How do I find the row or column which contains the array-wide maximum value in a 2d numpy array?
5 Answers
You can use np.argmax along with np.unravel_index as in
x = np.random.random((5,5))
print np.unravel_index(np.argmax(x), x.shape)
2 Comments
np.argmax(np.max(x, axis=1)) is not comparable with this way in terms of performance; It is the fastest.If you only need one or the other:
np.argmax(np.max(x, axis=1))
for the column, and
np.argmax(np.max(x, axis=0))
for the row.
3 Comments
argmax doesn't return the array-wide maximum index, it only computes it across the axis. np.argmax(np.max(x, axis=1)) computes the the maximums for each row, across the columns. Not array wide.You can use np.where(x == np.max(x)).
For example:
>>> x = np.array([[1,2,3],[2,3,4],[1,3,1]])
>>> x
array([[1, 2, 3],
[2, 3, 4],
[1, 3, 1]])
>>> np.where(x == np.max(x))
(array([1]), array([2]))
The first value is the row number, the second number is the column number.
1 Comment
np.argmax just returns the index of the (first) largest element in the flattened array. So if you know the shape of your array (which you do), you can easily find the row / column indices:
A = np.array([5, 6, 1], [2, 0, 8], [4, 9, 3])
am = A.argmax()
c_idx = am % A.shape[1]
r_idx = am // A.shape[1]
Comments
You can use np.argmax() directly.
The example is copied from the official documentation.

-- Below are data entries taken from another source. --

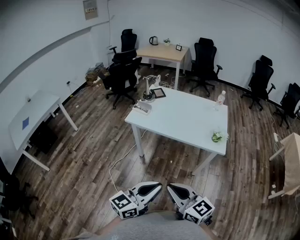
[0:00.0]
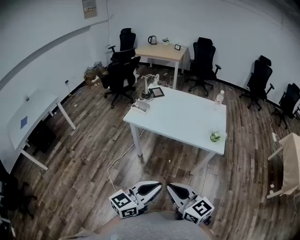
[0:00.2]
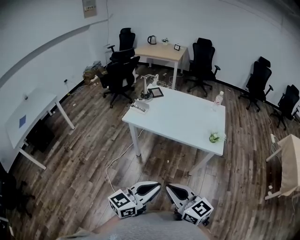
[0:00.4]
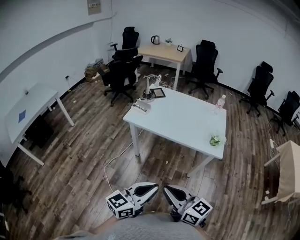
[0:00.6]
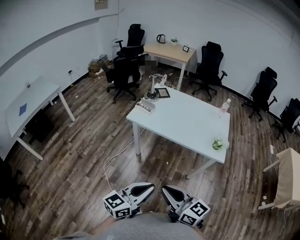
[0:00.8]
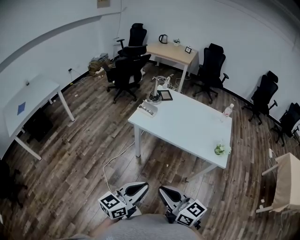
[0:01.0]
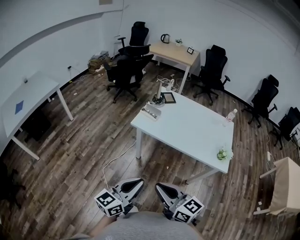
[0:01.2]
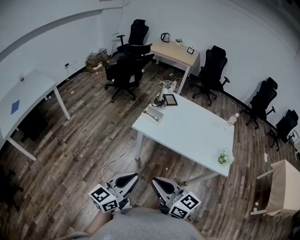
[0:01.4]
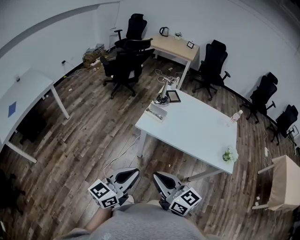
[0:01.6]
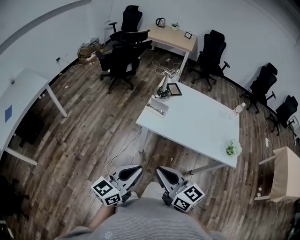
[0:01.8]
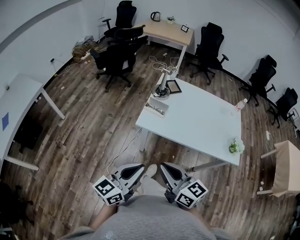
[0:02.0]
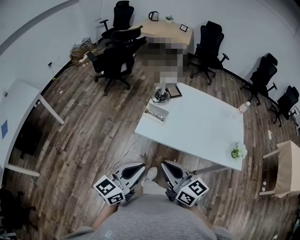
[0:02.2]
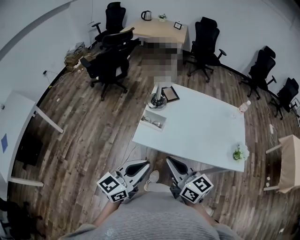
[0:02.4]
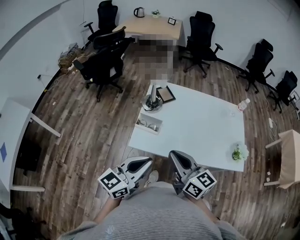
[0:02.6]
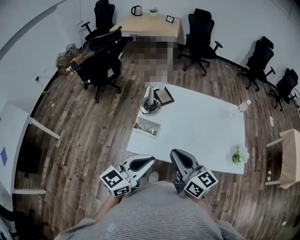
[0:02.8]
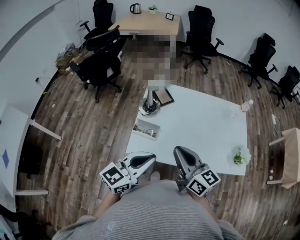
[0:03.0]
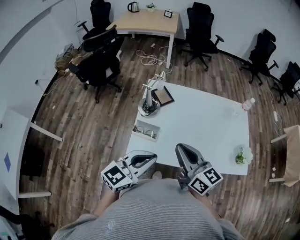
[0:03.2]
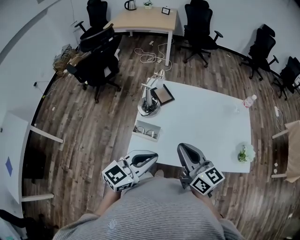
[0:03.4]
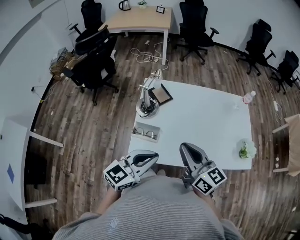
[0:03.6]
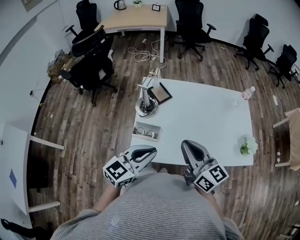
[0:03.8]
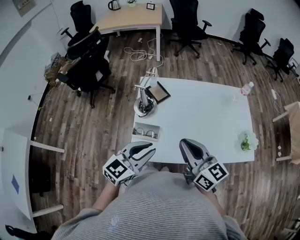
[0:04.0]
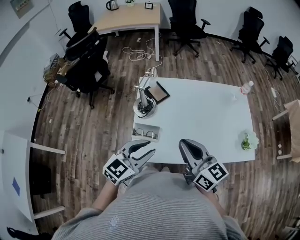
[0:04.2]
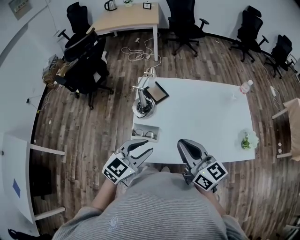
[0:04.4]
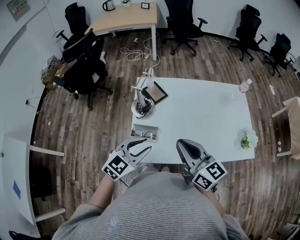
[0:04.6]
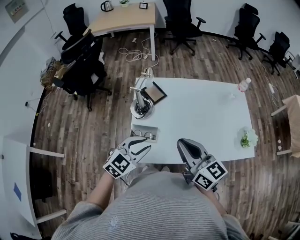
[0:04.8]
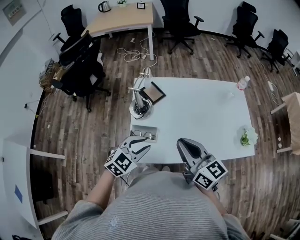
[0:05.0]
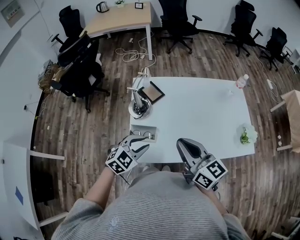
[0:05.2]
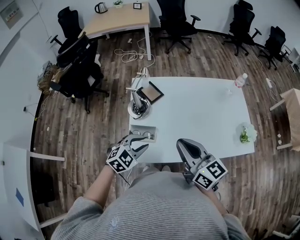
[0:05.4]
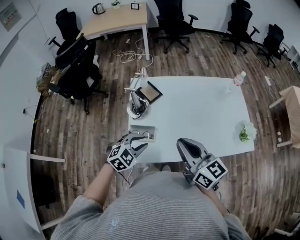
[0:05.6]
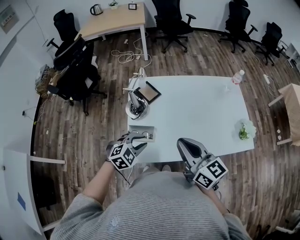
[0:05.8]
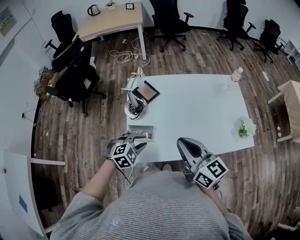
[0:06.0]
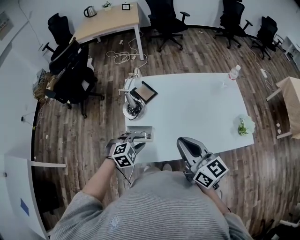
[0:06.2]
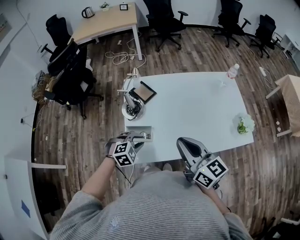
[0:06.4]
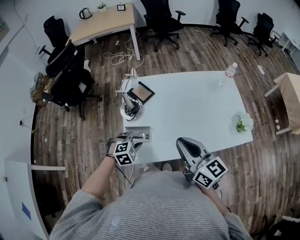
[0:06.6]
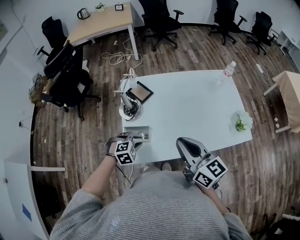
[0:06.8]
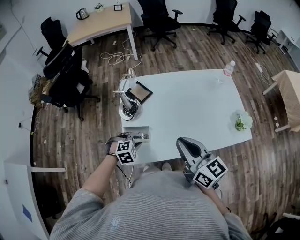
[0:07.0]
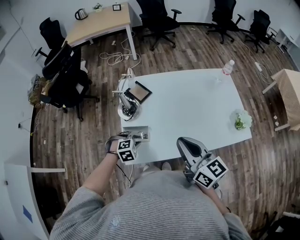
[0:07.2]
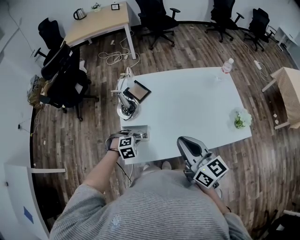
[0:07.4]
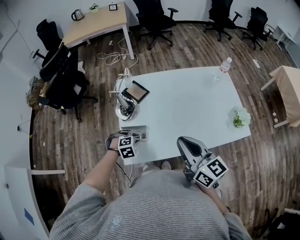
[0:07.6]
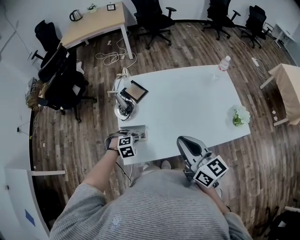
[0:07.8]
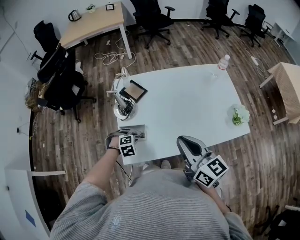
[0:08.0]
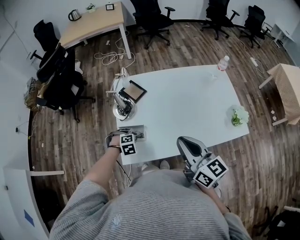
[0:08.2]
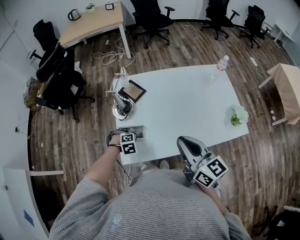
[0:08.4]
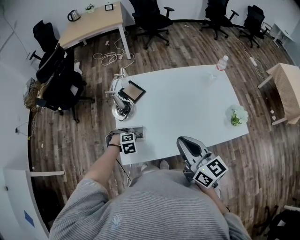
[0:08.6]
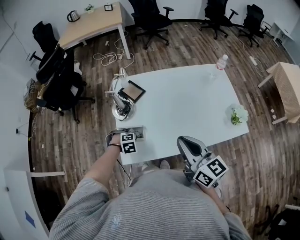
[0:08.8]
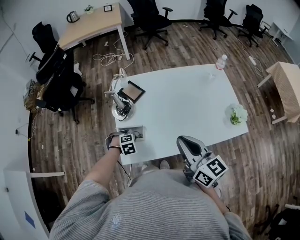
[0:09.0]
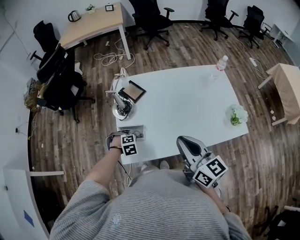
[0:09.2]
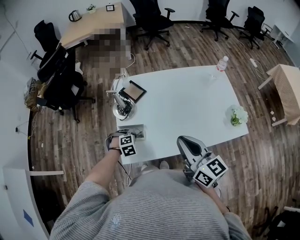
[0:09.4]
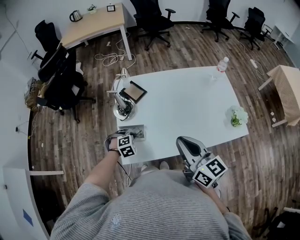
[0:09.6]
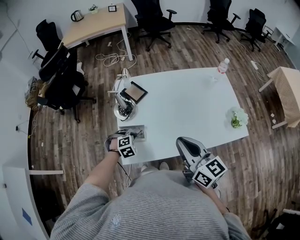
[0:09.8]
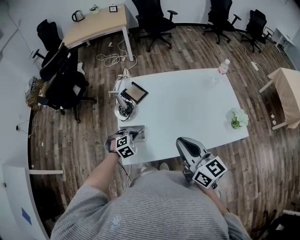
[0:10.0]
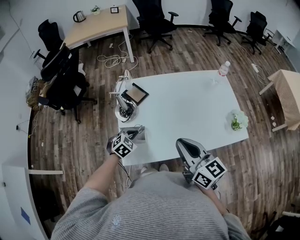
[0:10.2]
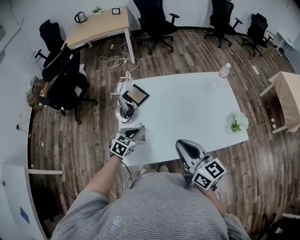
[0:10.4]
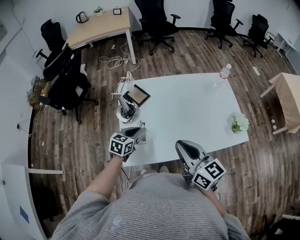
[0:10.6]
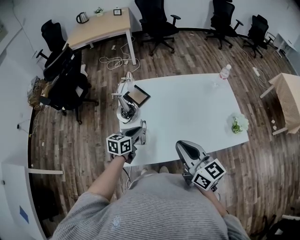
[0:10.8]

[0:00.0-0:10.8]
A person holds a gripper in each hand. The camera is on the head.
0:00.0 to 0:01.6: The grippers both shift to the left and forward by approximately 30 cm.
0:01.6 to 0:03.0: The grippers both shift forward by approximately 35 cm. The right gripper swivels some 20 degrees, while the left gripper turns by approximately 20 degrees.
0:03.0 to 0:04.6: The left gripper goes roughly 10 cm forward and downward, swivels roughly 30 degrees, and opens up. The right gripper goes approximately 5 cm forward.
0:04.6 to 0:06.2: The left gripper heads downward, covering roughly 10 cm, and tilts its fingers some 30 degrees downward.
0:06.2 to 0:07.8: The left gripper moves downward, roughly 10 cm.
0:07.8 to 0:09.2: The grippers move only a little.
0:09.2 to 0:10.8: The left gripper travels upward by about 15 cm, and points its fingers some 50 degrees further upward.

>>> a = np.arange(6).reshape(2,3) + 10
>>> a
array([[10, 11, 12],
[13, 14, 15]])
>>> np.argmax(a)
5
>>> np.argmax(a, axis=0)
array([1, 1, 1])
>>> np.argmax(a, axis=1)
array([2, 2])
axis = 0 is to find the max in each column while axis = 1 is to find the max in each row. The returns is the column/row indices.